AMBER16 was used for solvation, molecular dynamics simulation, and trajectory analysis. During the simulation, the SHAKE method was used to constrain the expansion and contraction of the chemical bond connected to the hydrogen atom, the simulation integration step was set to 2 fs, and the PME method was used to calculate the long-range electrostatic interaction, and the periodic boundary conditions (PBC) were used to eliminate the edge effect of the solvent box. The following protocols were implemented for each system: (1) The limiting potential of the proteins, ligands, and counter ions were all restricted by a force constant of 200 kcal/mol Ų, and the energy of the solvent water molecules was minimised to make the water molecules reach a relaxed state; (2) the restriction potential for the proteins and ligands were both constrained by a force constant of 300 kcal/mol Ų, which further minimised the energy of the system; (3) the restriction potential of the protein backbone was restricted by a force constant of 20 kcal/mol Ų, and only the side chain was allowed to relax and minimise the energy; (4) Restrictions were not imposed on the entire system and the energy was minimised. The NPT ensemble (Isotherm and Isobaric) to heat from 10 to 300 K with constant volume during 100 ps to ensure that the system reached equilibrium. Finally, with constant temperature and pressure, an unconstrained molecular dynamics simulation of 50 ns was performed. The MMGBSA and residue-free energy decomposition calculations were made based on the generated trajectory. The whole simulation process used CUDA8.0 software to support the GPU acceleration work^31,32.

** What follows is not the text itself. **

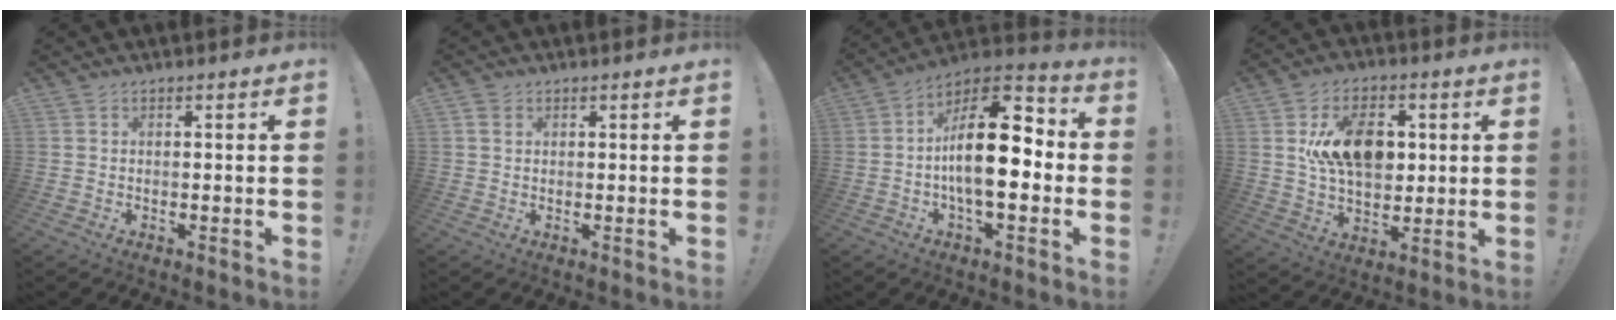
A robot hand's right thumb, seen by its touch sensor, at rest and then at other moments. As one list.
[{"total": 2.0, "force": [0.9, 1.5, 0.8], "torque": [-0.015, 0.003, 0.018]}, {"total": 19.6, "force": [-1.0, 9.1, 17.3], "torque": [-0.282, 0.006, -0.021]}, {"total": 15.9, "force": [3.2, 10.9, 11.0], "torque": [-0.168, -0.004, 0.062]}]

4.2.5. Metal binding studies

The metal chelation property was studied by Shimadzu UV-2450 spectrophotometer using CuCl₂, ZnCl₂, FeSO₄, and AlCl₃ at 200–600 nm. Moreover, stoichiometry was investigated by titrating the solution of derivatives with increasing CuCl₂. The procedure referenced our previous work^29,30.

4.2.6. Antioxidant activity assay

The ORAC-FL assay was employed to determine the antioxidant potency and referenced our previous work^29,30.

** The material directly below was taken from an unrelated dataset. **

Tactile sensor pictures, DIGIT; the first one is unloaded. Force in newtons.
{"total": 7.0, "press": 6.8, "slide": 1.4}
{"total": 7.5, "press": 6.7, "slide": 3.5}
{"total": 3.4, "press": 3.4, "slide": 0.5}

4.2.7. Effect of test compounds on self-induced Aβ_1–42 aggregation assay

The inhibition and disaggregation experiments towards self- and Cu²⁺-mediated Aβ_1–42 aggregation were performed using ThT fluorescence assay. The detailed procedure is described in the previous work^25,29,30.

4.2.8. Inhibition of monoamine oxidase

The recombinant huMAO-A and huMAO-B were obtained from Sigma–Aldrich. All enzymatic reactions were quantified on a Varioskan Flash Multimode Reader (PerkinElmer) and the detailed experiments referenced our previous work^23,24.

Author contributions

Zhipei Sang, Yong Deng, and Li Zhang originated the concept and design. Zhipei Sang was responsible for synthesis, evaluation of in vitro, data analysis, and wrote the manuscript. Qing Song and Zhongcheng Cao were responsible for the synthesis of target compounds and evaluation in vitro.

Disclosure statement

No potential conflict of interest was reported by the author(s).

Additional information

Funding

This work was supported by funding from the Key Scientific Research Project of Colleges and Universities in Henan Province (No. 20A350006) and the Special Project of Nanyang Normal University (SYKF2020032, 2020QN036, and 2020QN045).